A Dataset of Python Code Change Patterns

Reviewed by Greg Wilson / 2023-04-22
Keywords: Dataset

One of the most effective ways to encourage collaboration is to share your code and data, and that's what the authors of this paper have done. They have assembled a dataset of generalizable Python code change patterns, each of which is annotated with a description of what it does, how it is applied, and where it occurred. I can think of half a dozen ways to use this, and I'm sure many readers can think of more. If you'd like to play with the dataset, you can download it from Figshare.

Akalanka Galappaththi and Sarah Nadi. A data set of generalizable python code change patterns. 2023. arXiv:2304.04983.

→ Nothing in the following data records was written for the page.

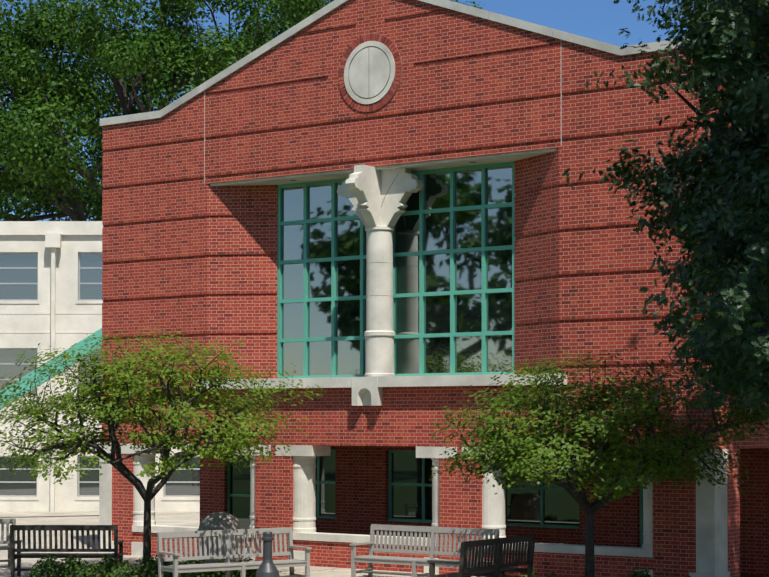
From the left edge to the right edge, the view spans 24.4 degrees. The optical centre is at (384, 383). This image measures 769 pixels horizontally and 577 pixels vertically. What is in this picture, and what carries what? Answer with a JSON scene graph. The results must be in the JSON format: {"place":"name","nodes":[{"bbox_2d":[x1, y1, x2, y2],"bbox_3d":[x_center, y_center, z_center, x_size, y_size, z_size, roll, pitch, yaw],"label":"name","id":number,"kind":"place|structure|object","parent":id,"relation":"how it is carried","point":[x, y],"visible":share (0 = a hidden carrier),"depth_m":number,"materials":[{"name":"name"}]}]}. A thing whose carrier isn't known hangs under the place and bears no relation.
{"place":"outdoors","nodes":[
{"label":"outdoors","id":0,"kind":"place"},
{"bbox_2d":[0,0,172,220],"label":"tree","id":1,"kind":"object","parent":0,"point":[4,13],"depth_m":83.70,"materials":[{"name":"green plant"}]},
{"bbox_2d":[0,0,296,220],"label":"tree","id":2,"kind":"object","parent":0,"point":[140,47],"depth_m":79.68,"materials":[{"name":"green plant"}]},
{"bbox_2d":[87,0,484,182],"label":"tree","id":3,"kind":"object","parent":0,"point":[309,8],"depth_m":86.45,"materials":[{"name":"green plant"}]},
{"bbox_2d":[0,0,707,220],"label":"sky","id":4,"kind":"structure","parent":0,"point":[599,20],"materials":[{"name":"blue"}]},
{"bbox_2d":[0,511,768,576],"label":"plaza pavement","id":5,"kind":"structure","parent":0,"point":[190,519],"depth_m":45.58,"materials":[{"name":"concrete"}]},
{"bbox_2d":[0,518,15,566],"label":"bench","id":6,"kind":"object","parent":5,"relation":"on","point":[7,522],"visible":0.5,"depth_m":35.26,"materials":[{"name":"grey wood"}]},
{"bbox_2d":[10,525,123,576],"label":"bench","id":7,"kind":"object","parent":5,"relation":"on","point":[19,555],"visible":0.96,"depth_m":33.10,"materials":[{"name":"grey wood"}]},
{"bbox_2d":[0,221,199,511],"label":"building walls","id":8,"kind":"structure","parent":5,"relation":"on","point":[25,324],"depth_m":57.82,"materials":[{"name":"white paint"}]},
{"bbox_2d":[0,328,102,408],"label":"green canopy","id":9,"kind":"object","parent":8,"relation":"attached to","point":[78,345],"visible":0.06,"depth_m":51.81,"materials":[{"name":"teal"}]},
{"bbox_2d":[45,233,60,511],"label":"downspout","id":10,"kind":"object","parent":8,"relation":"attached to","point":[53,241],"visible":0.85,"depth_m":57.53,"materials":[{"name":"metal"}]},
{"bbox_2d":[0,252,199,496],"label":"window frames","id":11,"kind":"structure","parent":8,"relation":"in","point":[79,482],"depth_m":57.96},
{"bbox_2d":[0,254,199,494],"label":"window glass","id":12,"kind":"object","parent":11,"relation":"in","point":[29,291],"visible":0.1,"depth_m":58.00,"materials":[{"name":"glass"}]},
{"bbox_2d":[0,321,325,558],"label":"tree","id":13,"kind":"object","parent":5,"relation":"on","point":[159,397],"depth_m":32.36,"materials":[{"name":"green plant"}]},
{"bbox_2d":[198,512,240,563],"bbox_3d":[-3.166,3.057,34.238,0.850,1.180,0.850,-1,-1,36],"label":"litter bin","id":14,"kind":"object","parent":5,"relation":"on","point":[219,521],"visible":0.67,"depth_m":33.93,"materials":[{"name":"grey metal"}]},
{"bbox_2d":[157,527,311,576],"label":"bench","id":15,"kind":"object","parent":5,"relation":"on","point":[227,566],"visible":0.96,"depth_m":31.45,"materials":[{"name":"grey wood"}]},
{"bbox_2d":[255,532,279,576],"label":"ash urn","id":16,"kind":"object","parent":5,"relation":"on","point":[267,568],"visible":1,"depth_m":30.14,"materials":[{"name":"grey metal"}]},
{"bbox_2d":[27,553,690,576],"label":"shrubs","id":17,"kind":"object","parent":5,"relation":"on","point":[137,570],"depth_m":32.13,"materials":[{"name":"green plant"}]},
{"bbox_2d":[349,524,499,576],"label":"bench","id":18,"kind":"object","parent":5,"relation":"on","point":[371,558],"visible":0.81,"depth_m":32.55,"materials":[{"name":"grey wood"}]},
{"bbox_2d":[102,0,768,576],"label":"brick building walls","id":19,"kind":"structure","parent":5,"relation":"on","point":[188,252],"depth_m":34.61,"materials":[{"name":"red brick"}]},
{"bbox_2d":[338,33,401,111],"bbox_3d":[-0.294,-6.154,35.248,1.560,1.560,0.016,-1,-1,36],"label":"brick ring","id":20,"kind":"object","parent":19,"relation":"attached to","point":[393,49],"visible":0.85,"depth_m":35.20,"materials":[{"name":"red"}]},
{"bbox_2d":[194,41,566,405],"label":"stone trim","id":21,"kind":"structure","parent":19,"relation":"attached to","point":[378,197],"depth_m":35.17,"materials":[{"name":"stone"}]},
{"bbox_2d":[204,91,561,182],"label":"brick control joints","id":22,"kind":"object","parent":19,"relation":"attached to","point":[205,137],"visible":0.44,"depth_m":37.77,"materials":[{"name":"beige"}]},
{"bbox_2d":[277,161,515,377],"bbox_3d":[0.155,-2.172,35.788,5.860,4.100,0.100,-1,-1,36],"label":"window frame","id":23,"kind":"object","parent":19,"relation":"in","point":[421,294],"visible":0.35,"depth_m":35.49,"materials":[{"name":"teal metal"}]},
{"bbox_2d":[282,166,511,375],"bbox_3d":[0.161,-2.171,35.796,5.860,4.100,0.009,-1,-1,36],"label":"window glass","id":24,"kind":"object","parent":23,"relation":"in","point":[468,310],"visible":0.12,"depth_m":35.44,"materials":[{"name":"clear glass"}]},
{"bbox_2d":[100,0,695,125],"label":"roof coping","id":25,"kind":"object","parent":19,"relation":"on","point":[335,4],"visible":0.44,"depth_m":35.68,"materials":[{"name":"stone"}]},
{"bbox_2d":[98,443,729,576],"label":"stone columns and trim","id":26,"kind":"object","parent":19,"relation":"attached to","point":[711,535],"visible":0.46,"depth_m":34.23,"materials":[{"name":"beige stone"}]},
{"bbox_2d":[133,444,768,576],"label":"brick wall","id":27,"kind":"structure","parent":5,"relation":"on","point":[361,489],"depth_m":36.63,"materials":[{"name":"red brick"}]},
{"bbox_2d":[227,449,642,546],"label":"window frames","id":28,"kind":"structure","parent":27,"relation":"in","point":[541,487],"depth_m":38.37,"materials":[{"name":"green metal"}]},
{"bbox_2d":[427,535,534,576],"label":"dark bench","id":29,"kind":"object","parent":5,"relation":"on","point":[501,565],"visible":1,"depth_m":29.34,"materials":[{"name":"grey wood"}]},
{"bbox_2d":[429,342,768,576],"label":"tree","id":30,"kind":"object","parent":5,"relation":"on","point":[619,458],"depth_m":27.88,"materials":[{"name":"green plant"}]},
{"bbox_2d":[740,574,764,576],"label":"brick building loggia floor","id":31,"kind":"structure","parent":5,"relation":"on","point":[751,576],"depth_m":33.46,"materials":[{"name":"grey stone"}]},
{"bbox_2d":[562,0,768,422],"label":"oak tree","id":32,"kind":"object","parent":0,"point":[720,52],"depth_m":20.48,"materials":[{"name":"green plant"}]}
]}

Mining repetitive code changes from version control history is a common way of discovering unknown change patterns. Such change patterns can be used in code recommender systems or automated program repair techniques. While there are such tools and datasets exist for Java, there is little work on finding and recommending such changes in Python. In this paper, we present a data set of manually vetted generalizable Python repetitive code change patterns. We create a coding guideline to identify generalizable change patterns that can be used in automated tooling. We leverage the mined change patterns from recent work that mines repetitive changes in Python projects and use our coding guideline to manually review the patterns. For each change, we also record a description of the change and why it is applied along with other characteristics such as the number of projects it occurs in. This review process allows us to identify and share 72 Python change patterns that can be used to build and advance Python developer support tools.